(Records from a data collection)

%%

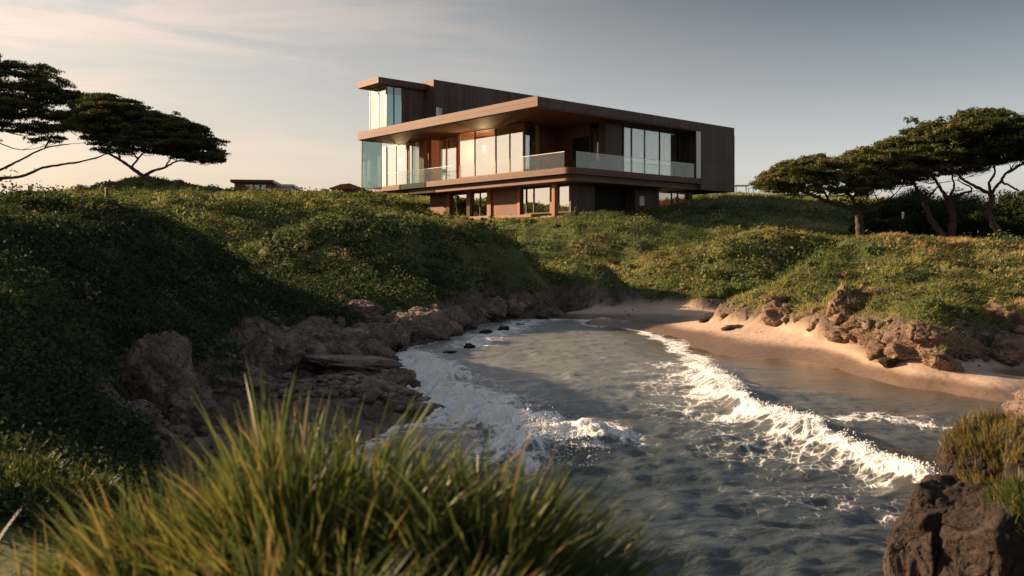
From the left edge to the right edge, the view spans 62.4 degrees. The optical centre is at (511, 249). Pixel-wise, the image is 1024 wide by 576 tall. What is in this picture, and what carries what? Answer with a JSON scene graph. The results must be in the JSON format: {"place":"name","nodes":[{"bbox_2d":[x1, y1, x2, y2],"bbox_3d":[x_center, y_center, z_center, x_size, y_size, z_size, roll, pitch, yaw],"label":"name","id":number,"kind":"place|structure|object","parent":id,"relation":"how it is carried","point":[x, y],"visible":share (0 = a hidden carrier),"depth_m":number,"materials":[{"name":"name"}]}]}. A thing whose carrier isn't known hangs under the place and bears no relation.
{"place":"outdoors","nodes":[
{"label":"outdoors","id":0,"kind":"place"},
{"bbox_2d":[0,178,1023,575],"bbox_3d":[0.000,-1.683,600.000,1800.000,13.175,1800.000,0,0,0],"label":"terrain","id":1,"kind":"structure","parent":0,"point":[594,302],"depth_m":28.93,"materials":[{"name":"soil"}]},
{"bbox_2d":[0,54,111,179],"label":"umbrella tree","id":2,"kind":"object","parent":1,"relation":"on","point":[39,86],"visible":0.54,"depth_m":100.66,"materials":[{"name":"green plant"}]},
{"bbox_2d":[0,447,163,523],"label":"grass mound","id":3,"kind":"object","parent":1,"relation":"on","point":[51,467],"depth_m":6.83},
{"bbox_2d":[0,511,177,575],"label":"grass tussock","id":4,"kind":"object","parent":1,"relation":"on","point":[48,562],"depth_m":3.19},
{"bbox_2d":[112,401,179,440],"bbox_3d":[-5.319,2.325,11.101,1.516,0.804,1.903,0,0,-33],"label":"rock outcrop","id":5,"kind":"object","parent":1,"relation":"on","point":[175,436],"visible":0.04,"depth_m":10.91,"materials":[{"name":"stone"}]},
{"bbox_2d":[62,91,230,175],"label":"umbrella tree","id":6,"kind":"object","parent":1,"relation":"on","point":[124,124],"visible":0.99,"depth_m":91.23,"materials":[{"name":"green plant"}]},
{"bbox_2d":[108,331,198,420],"bbox_3d":[-5.596,2.241,13.073,1.298,1.992,1.207,0,0,-31],"label":"rock outcrop","id":7,"kind":"object","parent":1,"relation":"on","point":[153,366],"visible":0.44,"depth_m":12.71,"materials":[{"name":"stone"}]},
{"bbox_2d":[0,436,340,575],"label":"grass tussock","id":8,"kind":"object","parent":1,"relation":"on","point":[105,534],"depth_m":3.22,"materials":[{"name":"plant"}]},
{"bbox_2d":[167,384,229,431],"bbox_3d":[-4.518,2.491,12.169,0.859,1.116,0.788,0,0,-28],"label":"rock outcrop","id":9,"kind":"object","parent":1,"relation":"on","point":[185,410],"visible":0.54,"depth_m":11.95,"materials":[{"name":"stone"}]},
{"bbox_2d":[210,366,241,394],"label":"rock outcrop","id":10,"kind":"object","parent":1,"relation":"on","point":[226,385],"visible":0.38,"depth_m":14.74,"materials":[{"name":"stone"}]},
{"bbox_2d":[235,365,264,380],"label":"rock outcrop","id":11,"kind":"object","parent":1,"relation":"on","point":[255,371],"visible":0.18,"depth_m":16.26,"materials":[{"name":"stone"}]},
{"bbox_2d":[230,179,279,191],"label":"flat roofed pavilion","id":12,"kind":"structure","parent":1,"relation":"on","point":[256,184],"depth_m":91.89,"materials":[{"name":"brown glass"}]},
{"bbox_2d":[248,345,277,365],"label":"rock outcrop","id":13,"kind":"object","parent":1,"relation":"on","point":[266,353],"visible":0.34,"depth_m":19.20,"materials":[{"name":"stone"}]},
{"bbox_2d":[253,335,275,361],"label":"rock outcrop","id":14,"kind":"object","parent":1,"relation":"on","point":[261,340],"visible":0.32,"depth_m":19.41,"materials":[{"name":"stone"}]},
{"bbox_2d":[250,314,294,338],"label":"rock outcrop","id":15,"kind":"object","parent":1,"relation":"on","point":[267,328],"visible":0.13,"depth_m":19.94,"materials":[{"name":"stone"}]},
{"bbox_2d":[274,184,300,190],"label":"annex","id":16,"kind":"object","parent":1,"relation":"on","point":[284,186],"visible":0.32,"depth_m":94.96,"materials":[{"name":"metal"}]},
{"bbox_2d":[271,325,313,370],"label":"rock outcrop","id":17,"kind":"object","parent":1,"relation":"on","point":[292,346],"visible":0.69,"depth_m":19.68,"materials":[{"name":"stone"}]},
{"bbox_2d":[51,352,570,575],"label":"grass tussock","id":18,"kind":"object","parent":1,"relation":"on","point":[273,483],"depth_m":3.17,"materials":[{"name":"plant"}]},
{"bbox_2d":[301,339,326,364],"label":"rock outcrop","id":19,"kind":"object","parent":1,"relation":"on","point":[321,351],"visible":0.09,"depth_m":20.51,"materials":[{"name":"stone"}]},
{"bbox_2d":[306,344,332,364],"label":"rock outcrop","id":20,"kind":"object","parent":1,"relation":"on","point":[313,350],"visible":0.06,"depth_m":20.43,"materials":[{"name":"stone"}]},
{"bbox_2d":[291,316,366,348],"bbox_3d":[-4.806,2.507,22.100,2.051,1.522,1.907,0,0,0],"label":"rock outcrop","id":21,"kind":"object","parent":1,"relation":"on","point":[322,329],"visible":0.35,"depth_m":21.83,"materials":[{"name":"stone"}]},
{"bbox_2d":[322,337,362,354],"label":"rock outcrop","id":22,"kind":"object","parent":1,"relation":"on","point":[333,345],"visible":0.16,"depth_m":21.44,"materials":[{"name":"stone"}]},
{"bbox_2d":[329,183,371,192],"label":"brown roofed hut","id":23,"kind":"object","parent":1,"relation":"on","point":[348,187],"visible":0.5,"depth_m":95.70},
{"bbox_2d":[304,354,403,376],"bbox_3d":[-3.741,2.916,19.900,2.413,0.892,2.175,0,0,0],"label":"rock outcrop","id":24,"kind":"object","parent":1,"relation":"on","point":[350,365],"visible":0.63,"depth_m":19.48,"materials":[{"name":"stone"}]},
{"bbox_2d":[340,327,369,340],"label":"rock outcrop","id":25,"kind":"object","parent":1,"relation":"on","point":[361,333],"visible":0.24,"depth_m":22.63,"materials":[{"name":"stone"}]},
{"bbox_2d":[134,501,583,575],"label":"grass tussock","id":26,"kind":"object","parent":1,"relation":"on","point":[270,565],"depth_m":2.68,"materials":[{"name":"plant"}]},
{"bbox_2d":[340,300,381,322],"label":"rock outcrop","id":27,"kind":"object","parent":1,"relation":"on","point":[369,311],"visible":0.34,"depth_m":26.13,"materials":[{"name":"stone"}]},
{"bbox_2d":[351,322,399,349],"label":"rock outcrop","id":28,"kind":"object","parent":1,"relation":"on","point":[383,332],"visible":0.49,"depth_m":24.36,"materials":[{"name":"stone"}]},
{"bbox_2d":[362,339,401,360],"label":"rock outcrop","id":29,"kind":"object","parent":1,"relation":"on","point":[376,347],"visible":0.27,"depth_m":22.47,"materials":[{"name":"stone"}]},
{"bbox_2d":[384,311,407,322],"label":"rock outcrop","id":30,"kind":"object","parent":1,"relation":"on","point":[391,316],"visible":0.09,"depth_m":27.64,"materials":[{"name":"stone"}]},
{"bbox_2d":[376,368,420,387],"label":"rock outcrop","id":31,"kind":"object","parent":1,"relation":"on","point":[407,376],"visible":0.51,"depth_m":17.86,"materials":[{"name":"stone"}]},
{"bbox_2d":[386,321,410,350],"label":"rock outcrop","id":32,"kind":"object","parent":1,"relation":"on","point":[403,333],"visible":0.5,"depth_m":24.94,"materials":[{"name":"stone"}]},
{"bbox_2d":[393,312,426,339],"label":"rock outcrop","id":33,"kind":"object","parent":1,"relation":"on","point":[409,321],"visible":0.6,"depth_m":26.83,"materials":[{"name":"stone"}]},
{"bbox_2d":[408,392,422,399],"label":"rock outcrop","id":34,"kind":"object","parent":1,"relation":"on","point":[418,394],"visible":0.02,"depth_m":16.15,"materials":[{"name":"stone"}]},
{"bbox_2d":[405,402,445,417],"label":"rock outcrop","id":35,"kind":"object","parent":1,"relation":"on","point":[432,408],"visible":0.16,"depth_m":15.07,"materials":[{"name":"stone"}]},
{"bbox_2d":[408,306,454,340],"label":"rock outcrop","id":36,"kind":"object","parent":1,"relation":"on","point":[437,324],"visible":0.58,"depth_m":27.87,"materials":[{"name":"stone"}]},
{"bbox_2d":[428,304,466,325],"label":"rock outcrop","id":37,"kind":"object","parent":1,"relation":"on","point":[460,318],"visible":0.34,"depth_m":30.56,"materials":[{"name":"stone"}]},
{"bbox_2d":[446,314,462,335],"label":"rock outcrop","id":38,"kind":"object","parent":1,"relation":"on","point":[458,328],"visible":0.12,"depth_m":29.53,"materials":[{"name":"stone"}]},
{"bbox_2d":[448,305,473,330],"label":"rock outcrop","id":39,"kind":"object","parent":1,"relation":"on","point":[456,308],"visible":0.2,"depth_m":31.32,"materials":[{"name":"stone"}]},
{"bbox_2d":[462,343,474,348],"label":"wave stone","id":40,"kind":"object","parent":1,"relation":"on","point":[469,345],"visible":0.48,"depth_m":25.85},
{"bbox_2d":[467,316,476,329],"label":"rock outcrop","id":41,"kind":"object","parent":1,"relation":"on","point":[473,326],"visible":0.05,"depth_m":31.96,"materials":[{"name":"stone"}]},
{"bbox_2d":[479,329,492,333],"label":"wave stone","id":42,"kind":"object","parent":1,"relation":"on","point":[485,331],"visible":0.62,"depth_m":30.47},
{"bbox_2d":[480,295,506,321],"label":"rock outcrop","id":43,"kind":"object","parent":1,"relation":"on","point":[492,309],"visible":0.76,"depth_m":34.73,"materials":[{"name":"stone"}]},
{"bbox_2d":[498,326,508,330],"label":"wave stone","id":44,"kind":"object","parent":1,"relation":"on","point":[500,328],"visible":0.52,"depth_m":31.89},
{"bbox_2d":[0,168,1023,543],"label":"scrub","id":45,"kind":"object","parent":1,"relation":"on","point":[104,442],"visible":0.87,"depth_m":18.70,"materials":[{"name":"green plant"}]},
{"bbox_2d":[1,174,1023,376],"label":"turf","id":46,"kind":"structure","parent":1,"relation":"on","point":[849,236],"depth_m":39.68,"materials":[{"name":"plant"}]},
{"bbox_2d":[298,422,728,575],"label":"grass tussock","id":47,"kind":"object","parent":1,"relation":"on","point":[558,546],"depth_m":3.08,"materials":[{"name":"plant"}]},
{"bbox_2d":[506,291,537,317],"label":"rock outcrop","id":48,"kind":"object","parent":1,"relation":"on","point":[517,303],"visible":0.74,"depth_m":36.65,"materials":[{"name":"stone"}]},
{"bbox_2d":[357,76,734,220],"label":"modern house","id":49,"kind":"structure","parent":1,"relation":"on","point":[491,151],"depth_m":63.78,"materials":[{"name":"brown wood"}]},
{"bbox_2d":[370,86,385,129],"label":"window","id":50,"kind":"structure","parent":49,"relation":"in","point":[377,96],"depth_m":70.21,"materials":[{"name":"glass"}]},
{"bbox_2d":[386,86,401,125],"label":"window","id":51,"kind":"structure","parent":49,"relation":"in","point":[386,86],"depth_m":69.73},
{"bbox_2d":[386,143,406,185],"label":"window","id":52,"kind":"structure","parent":49,"relation":"in","point":[396,155],"depth_m":73.23,"materials":[{"name":"white glass"}]},
{"bbox_2d":[408,141,418,183],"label":"window","id":53,"kind":"structure","parent":49,"relation":"in","point":[413,147],"depth_m":71.26,"materials":[{"name":"clear glass"}]},
{"bbox_2d":[439,136,457,179],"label":"window","id":54,"kind":"structure","parent":49,"relation":"in","point":[448,147],"depth_m":68.59,"materials":[{"name":"clear glass"}]},
{"bbox_2d":[451,192,465,216],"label":"window","id":55,"kind":"structure","parent":49,"relation":"in","point":[458,200],"depth_m":68.73,"materials":[{"name":"clear glass"}]},
{"bbox_2d":[472,191,486,215],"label":"window","id":56,"kind":"structure","parent":49,"relation":"in","point":[479,198],"depth_m":66.68,"materials":[{"name":"clear glass"}]},
{"bbox_2d":[459,122,524,177],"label":"window","id":57,"kind":"structure","parent":49,"relation":"in","point":[500,149],"depth_m":62.87,"materials":[{"name":"clear glass"}]},
{"bbox_2d":[525,122,534,170],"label":"window","id":58,"kind":"structure","parent":49,"relation":"in","point":[529,127],"depth_m":60.67,"materials":[{"name":"clear glass"}]},
{"bbox_2d":[522,185,549,214],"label":"window","id":59,"kind":"structure","parent":49,"relation":"in","point":[536,199],"depth_m":61.61,"materials":[{"name":"clear glass"}]},
{"bbox_2d":[558,184,568,212],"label":"window","id":60,"kind":"structure","parent":49,"relation":"in","point":[563,189],"depth_m":59.50,"materials":[{"name":"clear glass"}]},
{"bbox_2d":[574,137,588,167],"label":"door","id":61,"kind":"structure","parent":49,"relation":"in","point":[581,145],"depth_m":62.06,"materials":[{"name":"glass"}]},
{"bbox_2d":[589,128,598,161],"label":"window","id":62,"kind":"structure","parent":49,"relation":"in","point":[593,133],"depth_m":61.01,"materials":[{"name":"clear glass"}]},
{"bbox_2d":[589,160,614,169],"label":"outdoor sofa","id":63,"kind":"object","parent":49,"relation":"on","point":[599,164],"visible":0.87,"depth_m":58.97,"materials":[{"name":"grey fabric"}]},
{"bbox_2d":[622,125,687,176],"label":"window","id":64,"kind":"structure","parent":49,"relation":"in","point":[637,142],"depth_m":63.53,"materials":[{"name":"clear glass"}]},
{"bbox_2d":[659,190,686,206],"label":"window","id":65,"kind":"structure","parent":49,"relation":"in","point":[665,196],"depth_m":66.13,"materials":[{"name":"clear glass"}]},
{"bbox_2d":[127,292,1023,494],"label":"rubble","id":66,"kind":"object","parent":1,"relation":"on","point":[375,388],"visible":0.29,"depth_m":15.27,"materials":[{"name":"stone"}]},
{"bbox_2d":[703,312,714,318],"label":"beach boulder","id":67,"kind":"object","parent":1,"relation":"on","point":[707,315],"visible":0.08,"depth_m":30.77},
{"bbox_2d":[714,284,745,297],"bbox_3d":[9.678,1.852,37.392,1.425,0.726,1.275,0,0,0],"label":"bush","id":68,"kind":"object","parent":1,"relation":"on","point":[723,290],"visible":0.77,"depth_m":37.09,"materials":[{"name":"green plant"}]},
{"bbox_2d":[721,324,743,330],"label":"beach boulder","id":69,"kind":"object","parent":1,"relation":"on","point":[729,327],"visible":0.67,"depth_m":28.39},
{"bbox_2d":[758,292,789,302],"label":"rock outcrop","id":70,"kind":"object","parent":1,"relation":"on","point":[779,299],"visible":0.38,"depth_m":28.44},
{"bbox_2d":[761,300,792,326],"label":"rock outcrop","id":71,"kind":"object","parent":1,"relation":"on","point":[773,312],"visible":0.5,"depth_m":27.54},
{"bbox_2d":[780,304,791,323],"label":"rock outcrop","id":72,"kind":"object","parent":1,"relation":"on","point":[784,319],"visible":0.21,"depth_m":27.14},
{"bbox_2d":[792,306,824,323],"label":"rock outcrop","id":73,"kind":"object","parent":1,"relation":"on","point":[802,315],"visible":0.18,"depth_m":25.86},
{"bbox_2d":[806,311,825,331],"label":"rock outcrop","id":74,"kind":"object","parent":1,"relation":"on","point":[814,323],"visible":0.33,"depth_m":25.17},
{"bbox_2d":[748,147,922,237],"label":"umbrella tree","id":75,"kind":"object","parent":1,"relation":"on","point":[814,173],"visible":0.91,"depth_m":43.58,"materials":[{"name":"green plant"}]},
{"bbox_2d":[823,327,848,342],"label":"rock outcrop","id":76,"kind":"object","parent":1,"relation":"on","point":[834,334],"visible":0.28,"depth_m":23.65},
{"bbox_2d":[820,282,869,325],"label":"rock outcrop","id":77,"kind":"object","parent":1,"relation":"on","point":[836,312],"visible":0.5,"depth_m":24.45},
{"bbox_2d":[837,319,875,341],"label":"rock outcrop","id":78,"kind":"object","parent":1,"relation":"on","point":[845,328],"visible":0.55,"depth_m":22.99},
{"bbox_2d":[849,327,870,344],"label":"rock outcrop","id":79,"kind":"object","parent":1,"relation":"on","point":[857,332],"visible":0.22,"depth_m":22.58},
{"bbox_2d":[858,332,876,348],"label":"rock outcrop","id":80,"kind":"object","parent":1,"relation":"on","point":[867,337],"visible":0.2,"depth_m":21.96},
{"bbox_2d":[848,221,895,235],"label":"bush","id":81,"kind":"object","parent":1,"relation":"on","point":[878,227],"visible":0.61,"depth_m":50.29,"materials":[{"name":"green plant"}]},
{"bbox_2d":[858,286,889,300],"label":"rock outcrop","id":82,"kind":"object","parent":1,"relation":"on","point":[870,290],"visible":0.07,"depth_m":24.38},
{"bbox_2d":[872,325,887,340],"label":"rock outcrop","id":83,"kind":"object","parent":1,"relation":"on","point":[878,331],"visible":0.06,"depth_m":21.68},
{"bbox_2d":[866,336,893,360],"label":"rock outcrop","id":84,"kind":"object","parent":1,"relation":"on","point":[875,350],"visible":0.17,"depth_m":20.78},
{"bbox_2d":[849,197,917,221],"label":"bush","id":85,"kind":"object","parent":1,"relation":"on","point":[895,210],"visible":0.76,"depth_m":60.96,"materials":[{"name":"green plant"}]},
{"bbox_2d":[878,357,897,368],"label":"beach boulder","id":86,"kind":"object","parent":1,"relation":"on","point":[887,362],"visible":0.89,"depth_m":19.87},
{"bbox_2d":[883,340,922,361],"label":"rock outcrop","id":87,"kind":"object","parent":1,"relation":"on","point":[900,351],"visible":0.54,"depth_m":19.96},
{"bbox_2d":[882,508,947,575],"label":"rock outcrop","id":88,"kind":"object","parent":1,"relation":"on","point":[912,548],"visible":0.73,"depth_m":6.92,"materials":[{"name":"stone"}]},
{"bbox_2d":[886,212,956,238],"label":"bush","id":89,"kind":"object","parent":1,"relation":"on","point":[916,223],"visible":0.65,"depth_m":48.15,"materials":[{"name":"green plant"}]},
{"bbox_2d":[838,116,1006,239],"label":"umbrella tree","id":90,"kind":"object","parent":1,"relation":"on","point":[909,156],"visible":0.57,"depth_m":44.91,"materials":[{"name":"green plant"}]},
{"bbox_2d":[888,185,966,223],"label":"bush","id":91,"kind":"object","parent":1,"relation":"on","point":[913,198],"visible":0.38,"depth_m":61.28,"materials":[{"name":"green plant"}]},
{"bbox_2d":[903,320,968,358],"bbox_3d":[9.978,2.189,20.100,1.394,1.075,1.341,0,0,0],"label":"rock outcrop","id":92,"kind":"object","parent":1,"relation":"on","point":[919,335],"visible":0.76,"depth_m":19.65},
{"bbox_2d":[918,348,965,371],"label":"rock outcrop","id":93,"kind":"object","parent":1,"relation":"on","point":[937,359],"visible":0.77,"depth_m":18.89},
{"bbox_2d":[905,474,1003,509],"bbox_3d":[3.850,2.490,7.312,0.795,1.122,0.856,0,0,37],"label":"rock outcrop","id":94,"kind":"object","parent":1,"relation":"on","point":[940,491],"visible":0.21,"depth_m":7.14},
{"bbox_2d":[930,187,1000,227],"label":"bush","id":95,"kind":"object","parent":1,"relation":"on","point":[970,207],"visible":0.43,"depth_m":59.97,"materials":[{"name":"green plant"}]},
{"bbox_2d":[908,106,1023,241],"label":"umbrella tree","id":96,"kind":"object","parent":1,"relation":"on","point":[1002,129],"visible":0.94,"depth_m":42.98,"materials":[{"name":"green plant"}]},
{"bbox_2d":[936,417,1010,481],"bbox_3d":[4.267,2.155,7.471,0.920,1.302,0.808,0,0,39],"label":"rock outcrop","id":97,"kind":"object","parent":1,"relation":"on","point":[945,466],"visible":0.24,"depth_m":7.38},
{"bbox_2d":[962,336,989,357],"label":"rock outcrop","id":98,"kind":"object","parent":1,"relation":"on","point":[979,350],"visible":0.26,"depth_m":20.01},
{"bbox_2d":[934,484,1023,575],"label":"rock outcrop","id":99,"kind":"object","parent":1,"relation":"on","point":[976,538],"visible":0.8,"depth_m":6.45,"materials":[{"name":"stone"}]},
{"bbox_2d":[976,465,1023,534],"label":"grass tuft","id":100,"kind":"object","parent":99,"relation":"on","point":[1012,491],"visible":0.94,"depth_m":6.51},
{"bbox_2d":[945,210,1012,240],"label":"bush","id":101,"kind":"object","parent":1,"relation":"on","point":[975,224],"visible":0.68,"depth_m":47.79,"materials":[{"name":"green plant"}]},
{"bbox_2d":[935,404,1023,488],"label":"dry grass tuft","id":102,"kind":"object","parent":1,"relation":"on","point":[1001,420],"visible":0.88,"depth_m":7.35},
{"bbox_2d":[974,189,1022,218],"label":"bush","id":103,"kind":"object","parent":1,"relation":"on","point":[1005,199],"visible":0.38,"depth_m":56.08,"materials":[{"name":"green plant"}]},
{"bbox_2d":[981,297,1023,322],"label":"rock outcrop","id":104,"kind":"object","parent":1,"relation":"on","point":[998,310],"visible":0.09,"depth_m":21.25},
{"bbox_2d":[988,333,1023,365],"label":"rock outcrop","id":105,"kind":"object","parent":1,"relation":"on","point":[1007,349],"visible":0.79,"depth_m":20.09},
{"bbox_2d":[990,213,1023,238],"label":"bush","id":106,"kind":"object","parent":1,"relation":"on","point":[1016,225],"visible":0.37,"depth_m":47.51,"materials":[{"name":"green plant"}]},
{"bbox_2d":[993,419,1023,481],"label":"rock outcrop","id":107,"kind":"object","parent":1,"relation":"on","point":[1019,464],"visible":0.27,"depth_m":7.17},
{"bbox_2d":[994,203,1023,220],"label":"bush","id":108,"kind":"object","parent":1,"relation":"on","point":[1015,214],"visible":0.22,"depth_m":55.30,"materials":[{"name":"green plant"}]},
{"bbox_2d":[1007,298,1023,325],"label":"rock outcrop","id":109,"kind":"object","parent":1,"relation":"on","point":[1021,322],"visible":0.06,"depth_m":21.74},
{"bbox_2d":[1010,190,1023,210],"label":"bush","id":110,"kind":"object","parent":1,"relation":"on","point":[1020,194],"visible":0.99,"depth_m":51.72,"materials":[{"name":"green plant"}]},
{"bbox_2d":[0,0,1023,202],"label":"sky","id":111,"kind":"structure","parent":0,"point":[276,80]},
{"bbox_2d":[313,319,1008,575],"bbox_3d":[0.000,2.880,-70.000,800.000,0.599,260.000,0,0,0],"label":"sea","id":112,"kind":"structure","parent":0,"point":[747,488],"depth_m":13.14,"materials":[{"name":"liquid"}]},
{"bbox_2d":[393,345,938,473],"bbox_3d":[0.970,2.617,16.975,9.346,0.982,14.968,0,0,0],"label":"sea spray","id":113,"kind":"object","parent":112,"relation":"on","point":[698,364],"visible":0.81,"depth_m":14.49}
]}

%%

State how many lines of the data above contain the string "roofed", and give no other words.

### ANSWER FOR THIS EXERCISE
2